白玉堂有些郁闷,怎么会有这样的人?!分明不高兴,分明就是在使劲忍着,但他好像从来不会发脾气。难道这就是展昭的性格,隐忍懦弱?
“咔嚓”
一声巨大的霹雷的声音,有耀眼的闪电在黑暗中闪烁,好像要将墨黑的夜空撕裂开来,紧接着就是巨大的雨点“噼噼啪啪”打在玻璃上的响声。白玉堂好像没有听到,他的思绪还停留在那天沉闷的握手道别中。
隐忍,真的是展昭与生俱来的个性,再加上少年时期发生的意外,让本来就有些不爱说话的他更加的内向沉闷,在家里通常是高兴地时候就淡淡的笑笑,不高兴的时候也只是抿着嘴什么也不说。他的父母心疼他的懂事,从小就没怎么责备过他,妹妹知道这个哥哥心好会疼人,也会粘着他,跟他十分亲热,就只有那个骄傲的弟弟,像眼前的白玉堂一样,设法用自己的聪明在别人的伤口上撒盐。
那天的最后,白玉堂和展昭一起离开了办公室,走到了楼下的小花园,正打算各走各的,老远就看见有两个人正在花坛附近推推搡搡地拉扯着,不时还有骂骂咧咧的声音传过来,
“你不给钱就别想走,我妈这里需要钱。”
“她都快死了,需要什么钱?给钱也是浪费!”
“她是你老婆,你没钱的时候,她跟着你闯天下,现在你有钱了就不要她了?”
“我对她已经够仁至义尽的了!要不然你以为医院凭什么让她躺在那儿,还给她治病,要不是我的钱,她早就被医院扔到外边去了。还有,你给我记着点,我是你老子,你最好对我客气点,否则别怪我翻脸。”

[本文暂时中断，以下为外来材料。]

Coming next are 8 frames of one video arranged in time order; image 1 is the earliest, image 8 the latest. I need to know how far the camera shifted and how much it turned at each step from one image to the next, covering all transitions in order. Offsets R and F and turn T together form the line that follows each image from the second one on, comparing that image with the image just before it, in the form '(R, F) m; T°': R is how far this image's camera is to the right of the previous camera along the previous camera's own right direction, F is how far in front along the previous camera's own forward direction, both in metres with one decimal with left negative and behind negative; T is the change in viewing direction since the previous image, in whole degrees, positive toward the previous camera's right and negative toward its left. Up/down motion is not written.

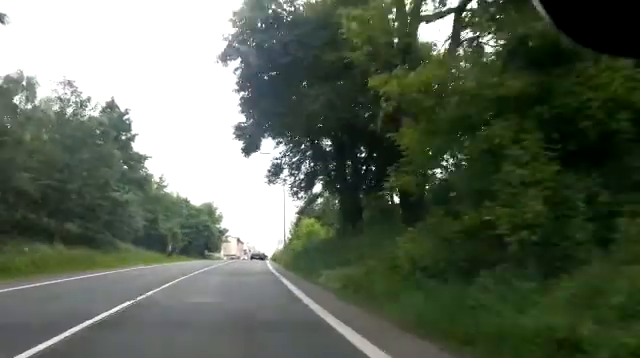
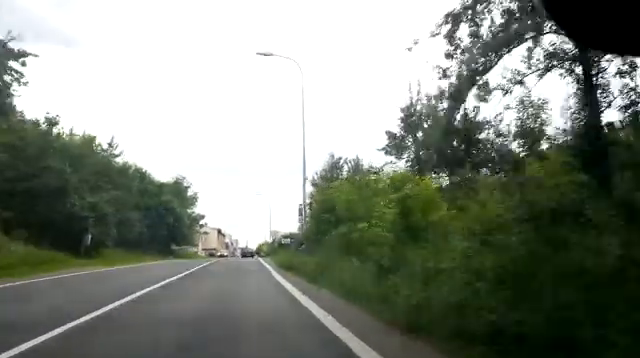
(+0.7, +23.9) m; +1°
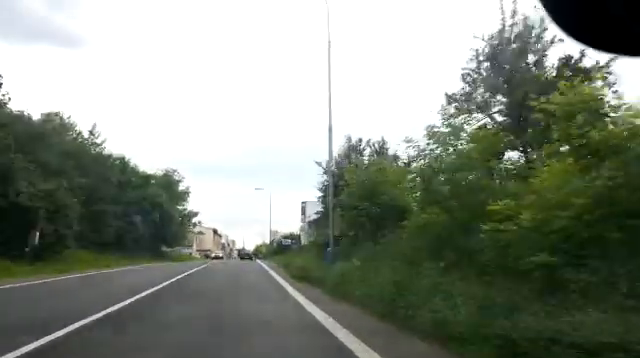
(0.0, +7.5) m; 0°
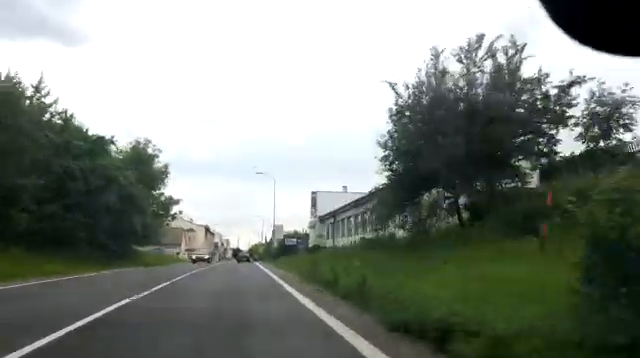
(-0.1, +15.6) m; 0°
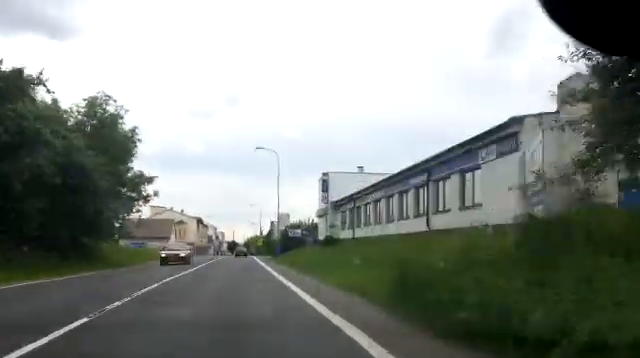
(+0.2, +11.6) m; 0°
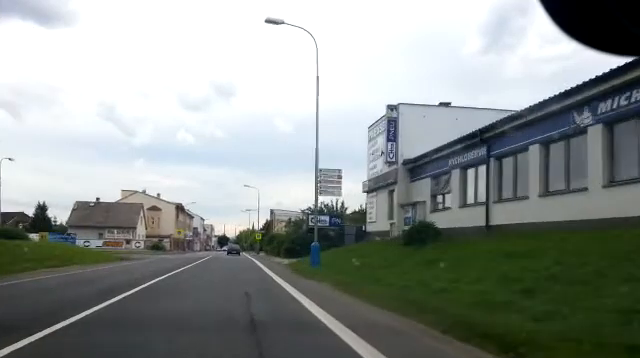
(-0.1, +26.2) m; 0°
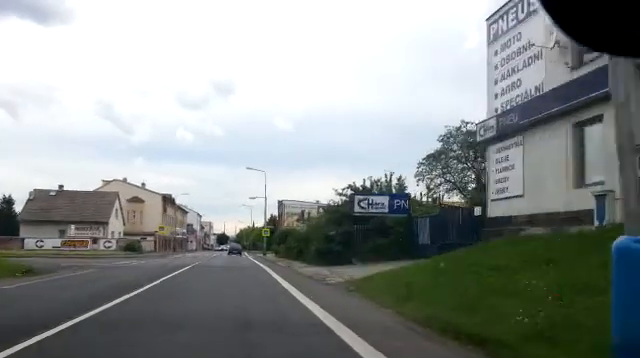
(0.0, +17.5) m; 0°
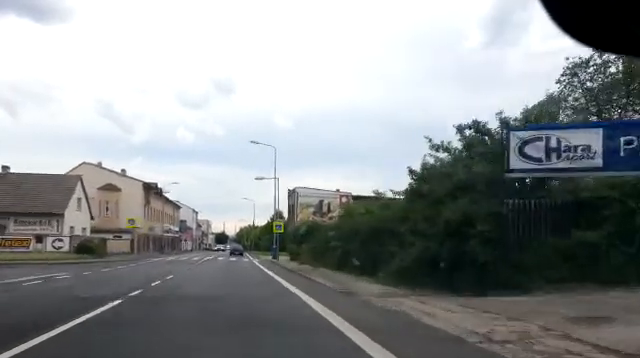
(-0.1, +16.3) m; -1°

白玉堂皱着眉远远地看着,展昭见到他脸上的表情,问他,
“你认识?”
白玉堂点头,
“那小孩他妈是我们急诊室的病人,快不行了,那男的看着像是他爸,估计不是什么好玩意儿,这孩子挺恨他的。”
展昭也看着那两个人,
“医院和警察局是发生这种人生悲剧最多的地方,各种世态炎凉。”
白玉堂嗤的一声低笑,
“那又怎么样?我们不是救世主,那男的说的没错,他要是不给钱,我们真的没法给那女的看病,所以那个孩子恨又如何,还不是得求着他给钱?!算了,还是做好自己吧,反正我没那么高尚!”
他说着就要走,就听展昭在他背后说道,
“你很好,有正义感,有同情心,就是有点爱面子。”
白玉堂的脚步停下来,转身皱着眉看着展昭,
“我说猫警官,我想起来你说你以前学过犯罪心理学?我记得心理学跟看相算卦的不属于同一专业。”
展昭笑了一下,
“白玉堂,你还真的特别像我弟弟,聪明,但不是一般的嘴损。”
“展昭,你可不像我哥!说实话,你这种看上去温文尔雅,实际上唯唯诺诺的性格,有时候真让人受不了。”
展昭听了沉默了下来,看着他不再讲话,白玉堂心里突然又开始有了厌恶自己的情绪,看着抿着嘴的展昭,那种心疼的感觉又来了。
这是怎么回事?
他捂着自己疼痛感越来越甚的胸口,皱紧了眉头,向展昭匆匆点点头,然后逃也似的离开了。
可怕的感觉,对他心疼的感觉,对展昭难以抑制的想要疼惜的感觉!
整个世界都好像错乱了......
那天下午的白玉堂一直有着心惊肉跳的感觉,不久就意外地接到了大哥白锦堂打来的电话,说是让他回家吃晚饭,白玉堂一时找不到理由搪塞,只好硬着头皮同意了。下了班,换了衣服,在办公室里纠结了半天,他拨通了展昭的手机,
“猫警官,是我,白玉堂。我今天晚上回家看我妈,所以晚上要回去的很晚,本来说请你吃饭的......”
另一边是展昭仍旧温和的声音,
“没关系,我这两天也没有时间回去,你给的报告很重要,所以我们这两天也很忙。不过,多谢你告诉我,还有,你不用请我吃......”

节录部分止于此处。